Hollywood Mega-Producer Mike Medavoy: Marvel vs Auteur Debate Is About Balancing Business and Art | PRO Insight

Lost in all the Hollywood buzz over the recent comments made by Martin Scorsese and Francis Ford Coppola is a topic worth discussing — the future of the movie industry.

After all, it’s a business, not just an art form. And there always has been debate over what makes great cinema.

In case you’ve been hiding under a rock, Scorsese this month famously criticized the Marvel franchise, saying that the so-called theme park movies are “not cinema.” Coppola took it a step further, telling the press last weekend that “Martin was kind when he said it’s not cinema. He didn’t say it’s despicable, which I just say it is.”

Rather than arguing about what the definition of a movie is today, we should be looking at what is happening now with the movie business — and what may come next.

The 21st Century brought a huge technological shift that has fundamentally changed how we watch movies. Motion pictures, as we know them, have evolved from the early experimental days of Auguste and Louis Lumière, Thomas Edison and Lee de Forest.

The film industry is no stranger to upheaval. When television first came along, it scared the movie business into creating something that television could not — bigger screens, stereophonic sound, showmanship. The bigger the spectacle, the better. Think Stanley Kubrick’s “2001: A Space Odyssey” or David Lean’s “Lawrence of Arabia.”

The fear of television as a competitor began to subside when studio executives realized they could produce films for television while also continuing to make money from theatergoers. At the same time, ticket prices began to climb, as did the cost of making movies.

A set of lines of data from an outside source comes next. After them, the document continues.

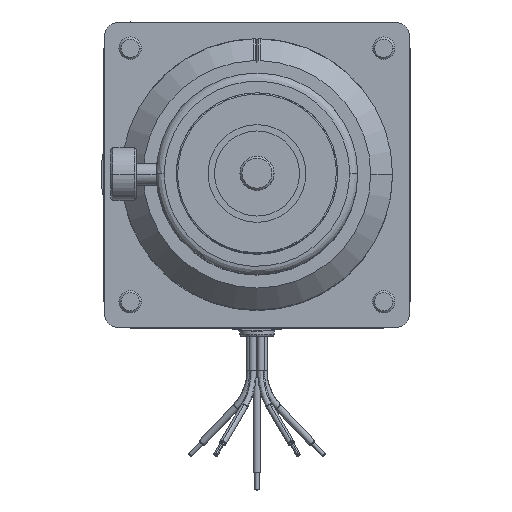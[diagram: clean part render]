
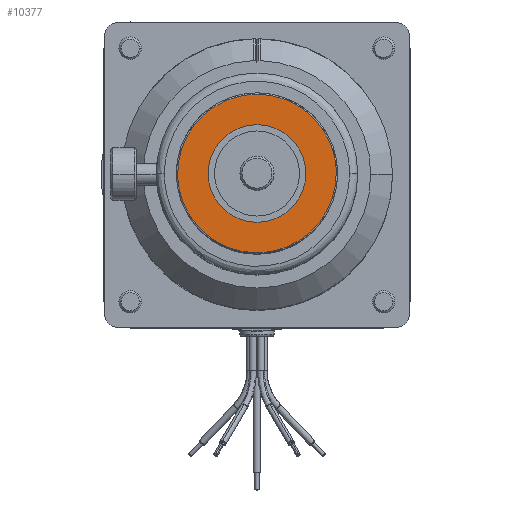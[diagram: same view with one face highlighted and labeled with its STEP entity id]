
A CAD part, top view. The second image highlights one B-rep face of the part: STEP entity #10377.
In plain terms, the highlighted planar face has unit normal (0, 0, 1).
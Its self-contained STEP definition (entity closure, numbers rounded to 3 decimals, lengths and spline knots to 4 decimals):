
#1439 = CARTESIAN_POINT ( 'NONE',  ( 0., 0., 0. ) ) ;
#1441 = DIRECTION ( 'NONE',  ( 0., 0., -1. ) ) ;
#1443 = DIRECTION ( 'NONE',  ( -1., 0., 0. ) ) ;
#10377 = ADVANCED_FACE ( 'NONE', ( #70287, #70291 ), #65877, .T. ) ;
#12793 = CARTESIAN_POINT ( 'NONE',  ( -1.4732, 0., 0. ) ) ;
#13555 = CARTESIAN_POINT ( 'NONE',  ( 1.4732, 0., 0. ) ) ;
#15245 = CARTESIAN_POINT ( 'NONE',  ( 1.4732, -2.9464, 0. ) ) ;
#15269 = CARTESIAN_POINT ( 'NONE',  ( 1.4732, 0., 0. ) ) ;
#15271 = CARTESIAN_POINT ( 'NONE',  ( -1.4732, -2.9464, 0. ) ) ;
#15272 = CARTESIAN_POINT ( 'NONE',  ( -1.4732, 0., 0. ) ) ;
#16567 = ORIENTED_EDGE ( 'NONE', *, *, #60499, .T. ) ;
#16698 = ORIENTED_EDGE ( 'NONE', *, *, #60848, .F. ) ;
#16819 = ORIENTED_EDGE ( 'NONE', *, *, #56329, .F. ) ;
#16855 = ORIENTED_EDGE ( 'NONE', *, *, #32228, .T. ) ;
#25698 = CARTESIAN_POINT ( 'NONE',  ( -1.4732, 0., 0. ) ) ;
#25705 = CARTESIAN_POINT ( 'NONE',  ( -1.4732, 2.9464, 0. ) ) ;
#25709 = CARTESIAN_POINT ( 'NONE',  ( 1.4732, 2.9464, 0. ) ) ;
#25710 = CARTESIAN_POINT ( 'NONE',  ( 1.4732, 0., 0. ) ) ;
#28540 = CARTESIAN_POINT ( 'NONE',  ( 0.908, 0., 0. ) ) ;
#28544 = CARTESIAN_POINT ( 'NONE',  ( -0.908, 0., 0. ) ) ;
#30473 = CARTESIAN_POINT ( 'NONE',  ( 0., 0., 0. ) ) ;
#30474 = DIRECTION ( 'NONE',  ( 0., 0., -1. ) ) ;
#30475 = DIRECTION ( 'NONE',  ( -1., 0., 0. ) ) ;
#30704 = CIRCLE ( 'NONE', #43974, 0.908 ) ;
#32228 = EDGE_CURVE ( 'NONE', #53950, #53952, #30704, .T. ) ;
#39242 = VERTEX_POINT ( 'NONE', #12793 ) ;
#43371 = AXIS2_PLACEMENT_3D ( 'NONE', #65876, #65883, #65884 ) ;
#43974 = AXIS2_PLACEMENT_3D ( 'NONE', #1439, #1441, #1443 ) ;
#46493 =( BOUNDED_CURVE ( )  B_SPLINE_CURVE ( 3, ( #15269, #15245, #15271, #15272 ),
 .UNSPECIFIED., .F., .T. ) 
 B_SPLINE_CURVE_WITH_KNOTS ( ( 4, 4 ),
 ( 0.5, 1. ),
 .UNSPECIFIED. ) 
 CURVE ( )  GEOMETRIC_REPRESENTATION_ITEM ( )  RATIONAL_B_SPLINE_CURVE ( ( 1., 0.333, 0.333, 1. ) ) 
 REPRESENTATION_ITEM ( '' )  );
#46659 =( BOUNDED_CURVE ( )  B_SPLINE_CURVE ( 3, ( #25698, #25705, #25709, #25710 ),
 .UNSPECIFIED., .F., .T. ) 
 B_SPLINE_CURVE_WITH_KNOTS ( ( 4, 4 ),
 ( 0., 0.5 ),
 .UNSPECIFIED. ) 
 CURVE ( )  GEOMETRIC_REPRESENTATION_ITEM ( )  RATIONAL_B_SPLINE_CURVE ( ( 1., 0.333, 0.333, 1. ) ) 
 REPRESENTATION_ITEM ( '' )  );
#50079 = AXIS2_PLACEMENT_3D ( 'NONE', #30473, #30474, #30475 ) ;
#50221 = EDGE_LOOP ( 'NONE', ( #16567, #16855 ) ) ;
#50297 = EDGE_LOOP ( 'NONE', ( #16819, #16698 ) ) ;
#53711 = VERTEX_POINT ( 'NONE', #13555 ) ;
#53950 = VERTEX_POINT ( 'NONE', #28540 ) ;
#53952 = VERTEX_POINT ( 'NONE', #28544 ) ;
#56329 = EDGE_CURVE ( 'NONE', #39242, #53711, #46659, .T. ) ;
#57468 = CIRCLE ( 'NONE', #50079, 0.908 ) ;
#60499 = EDGE_CURVE ( 'NONE', #53952, #53950, #57468, .T. ) ;
#60848 = EDGE_CURVE ( 'NONE', #53711, #39242, #46493, .T. ) ;
#65876 = CARTESIAN_POINT ( 'NONE',  ( -0.8522, 0., 0. ) ) ;
#65877 = PLANE ( 'NONE',  #43371 ) ;
#65883 = DIRECTION ( 'NONE',  ( 0., 0., 1. ) ) ;
#65884 = DIRECTION ( 'NONE',  ( 1., 0., 0. ) ) ;
#70287 = FACE_OUTER_BOUND ( 'NONE', #50297, .T. ) ;
#70291 = FACE_BOUND ( 'NONE', #50221, .T. ) ;

Today, the art of “epic spectacle,” as my good friend and extraordinary filmmaker Doug Trumbull calls it, is gone. Studios want their films to play equally well on theater screens and television, as well as laptops, tablets and smartphones. (My son watches films on his phone.) It is very clear to me that both television and movies are two very different mediums. The invention of Over The Top (OTT) streaming services, which seeks to dominate consumers with low budget episodic entertainment available on a subscription service, values quantity over quality. One thing is very clear: People, as a result of all the new gadgets, have a very short attention span.

So are the best days of cinema, as defined by Coppola, Scorsese, Kubrick and others, over? It doesn’t have to be. The future of cinema will depend on how well the industry can differentiate itself from what television and streaming devices can offer.

But to do that, there needs to be a fundamental shift in the business, where there used to be a bigger separation between the financial arm of a studio and the creative side. That’s no longer the case. The consolidation of the business means that now there are big conglomerates making decisions about bottom lines. They no longer are just in the business of making movies.

As the cost of making films and marketing have skyrocketed, the returns have declined, as have alternative revenue streams, such as video, DVD and TV syndication. In their place are theme parks and video games, which are designed to help the bottom line.

Attempts to appeal to a larger audience have forced the makers of theatrical film to fall back to easier targets and sure bets, which means making movies that already are familiar, including Marvel and DC Comics.

The reason those films are being made is because, let’s face it, that’s what many people go to the movie theaters to see. But I believe there’s room for both.

As Disney CEO Bob Iger put it this week: “You telling me Ryan Coolger making ‘Black Panther’ is doing something somehow or another less than what Marty Scorcese or Francis Ford Coppola have ever done on any one of their movies? Come on. Yeah, I said it.”

It is very clear to me the television and movies are two very different mediums — and it’s movies that will stand the test of time. The industry, though, will need to invest and experiment. We need to upgrade the movie experience to a new level of spectacle that is now possible — and it will be expensive.

The attack on Francis and Marty, I take personally, as their films continue to make a profound effect on cinema. Their words should be part of a dialogue to redirect the Titanic before it’s too late. Let’s not forget Marty and Francis — and all of those filmmakers who have come before from all over the world, such as Hitchcock, Lean, Kurosawa and Fellini. The art they’ve left us — that’s what is enduring and what makes life worth living.